Theorem cdleme31sn2 40383

Description: Part of proof of Lemma E in [Crawley] p. 113. (Contributed by NM, 26-Feb-2013.)

Hypotheses

Ref	Expression
cdleme32sn2.d	⊢ 𝐷 = ((𝑠 ∨ 𝑈) ∧ (𝑄 ∨ ((𝑃 ∨ 𝑠) ∧ 𝑊)))
cdleme31sn2.n	⊢ 𝑁 = if(𝑠 ≤ (𝑃 ∨ 𝑄), 𝐼, 𝐷)
cdleme31sn2.c	⊢ 𝐶 = ((𝑅 ∨ 𝑈) ∧ (𝑄 ∨ ((𝑃 ∨ 𝑅) ∧ 𝑊)))

Assertion

Ref	Expression
cdleme31sn2	⊢ ((𝑅 ∈ 𝐴 ∧ ¬ 𝑅 ≤ (𝑃 ∨ 𝑄)) → ⦋𝑅 / 𝑠⦌𝑁 = 𝐶)

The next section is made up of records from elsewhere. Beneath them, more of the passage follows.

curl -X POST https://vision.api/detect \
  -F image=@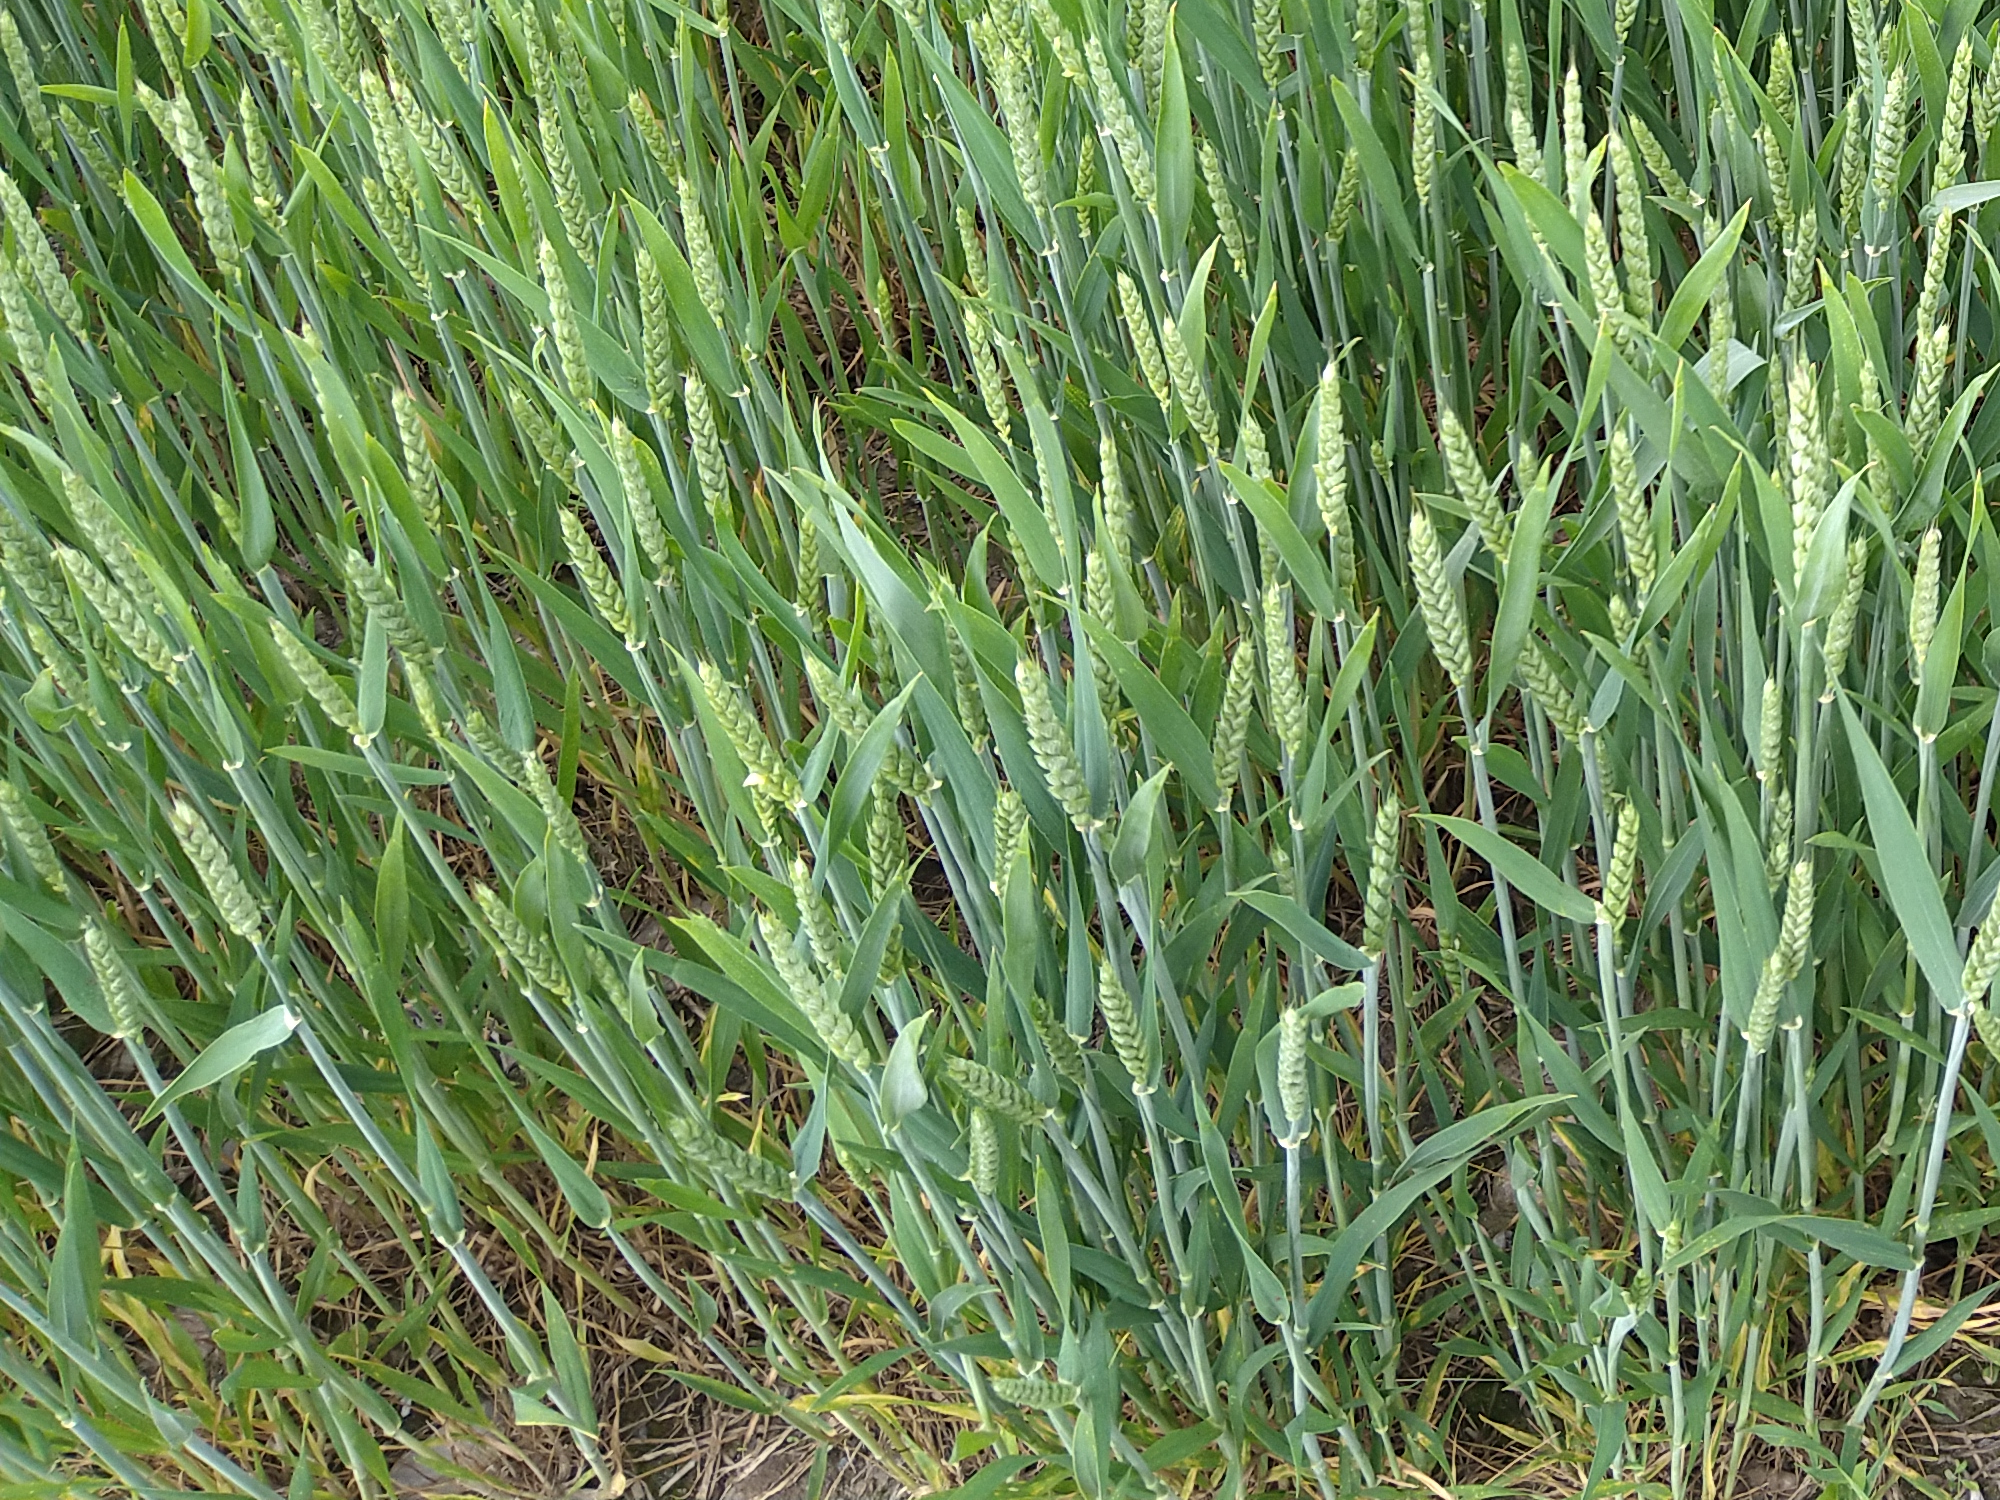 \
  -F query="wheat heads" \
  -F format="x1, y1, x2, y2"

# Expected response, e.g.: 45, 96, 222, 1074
112, 0, 185, 34
1934, 31, 1975, 195
293, 0, 352, 89
56, 546, 171, 671
1195, 134, 1253, 276
1564, 65, 1585, 198
745, 767, 777, 841
207, 485, 252, 560
1007, 522, 1046, 626
1609, 127, 1654, 328
335, 0, 364, 69
0, 9, 61, 168
1276, 1007, 1305, 1117
345, 548, 431, 666
520, 0, 560, 123
1329, 151, 1356, 241
1249, 0, 1281, 87
757, 912, 867, 1072
1629, 114, 1692, 209
268, 619, 358, 732
470, 879, 566, 1003
1317, 367, 1344, 512
1358, 0, 1375, 68
1124, 0, 1142, 57
989, 1374, 1086, 1411
1768, 37, 1796, 125
966, 12, 1029, 100
1613, 430, 1655, 602
464, 711, 531, 788
1766, 792, 1796, 882
1511, 45, 1528, 138
556, 509, 633, 641
0, 513, 133, 682
1762, 676, 1782, 812
1780, 862, 1813, 980
371, 77, 430, 211
1912, 525, 1942, 671
1757, 125, 1792, 251
1084, 42, 1159, 206
1858, 357, 1896, 515
675, 1110, 796, 1203
1606, 806, 1641, 931
301, 320, 337, 455
1845, 0, 1882, 91
412, 0, 470, 42
0, 250, 56, 408
1097, 432, 1133, 576
133, 87, 279, 223
1439, 408, 1512, 560
805, 646, 931, 792
519, 163, 542, 277
0, 780, 69, 894
1584, 208, 1626, 365
1404, 0, 1429, 66
802, 508, 832, 658
869, 820, 898, 980
1511, 110, 1557, 268
635, 249, 671, 419
785, 857, 844, 984
673, 0, 688, 49
61, 467, 167, 614
873, 613, 899, 702
1013, 660, 1110, 825
1434, 932, 1462, 1004
1007, 0, 1091, 82
1515, 439, 1536, 493
0, 171, 85, 329
390, 387, 443, 536
1322, 500, 1353, 611
1410, 513, 1472, 682
411, 0, 471, 73
1508, 633, 1580, 752
359, 183, 432, 297
1082, 552, 1117, 717
1870, 68, 1910, 196
963, 1105, 996, 1195
23, 621, 105, 721
1963, 858, 2000, 996
1906, 325, 1949, 460
1918, 202, 1949, 330
140, 0, 182, 87
345, 573, 365, 667
1968, 1003, 2000, 1064
1605, 599, 1646, 674
964, 310, 1004, 435
82, 923, 142, 1045
611, 416, 670, 566
1096, 954, 1147, 1077
1825, 536, 1866, 683
699, 664, 794, 800
876, 272, 897, 357
167, 804, 261, 927
525, 752, 589, 857
1029, 422, 1068, 548
552, 15, 595, 123
1588, 737, 1615, 837
1214, 642, 1253, 790
1613, 0, 1660, 43
942, 611, 989, 752
354, 68, 412, 228
1842, 87, 1862, 231
943, 1057, 1046, 1129
1029, 992, 1089, 1089
1163, 320, 1219, 454
1978, 2, 2000, 140
954, 200, 989, 304
401, 652, 443, 737
584, 944, 630, 1025
676, 187, 724, 326
1260, 585, 1302, 757
1080, 134, 1093, 255
1117, 269, 1166, 399
385, 76, 479, 216
956, 0, 1042, 76
583, 0, 624, 38
1786, 347, 1827, 584
536, 241, 600, 399
1701, 213, 1735, 349
232, 94, 284, 209
533, 118, 600, 269
1145, 0, 1170, 118
629, 91, 676, 184
513, 393, 578, 500
1365, 790, 1399, 956
993, 790, 1025, 903
168, 89, 240, 277
1766, 350, 1793, 487
1743, 942, 1784, 1054
232, 0, 299, 69
993, 97, 1049, 206
682, 373, 732, 515
58, 105, 127, 195
1782, 208, 1818, 324
1240, 410, 1288, 587
1414, 49, 1436, 202
1711, 36, 1744, 137
796, 0, 848, 53
706, 0, 728, 35

Distinct variable groups:   𝐴,𝑠   ∨ ,𝑠   ≤ ,𝑠   ∧ ,𝑠   𝑃,𝑠   𝑄,𝑠   𝑅,𝑠   𝑈,𝑠   𝑊,𝑠

Allowed substitution hints:   𝐶(𝑠)   𝐷(𝑠)   𝐼(𝑠)   𝑁(𝑠)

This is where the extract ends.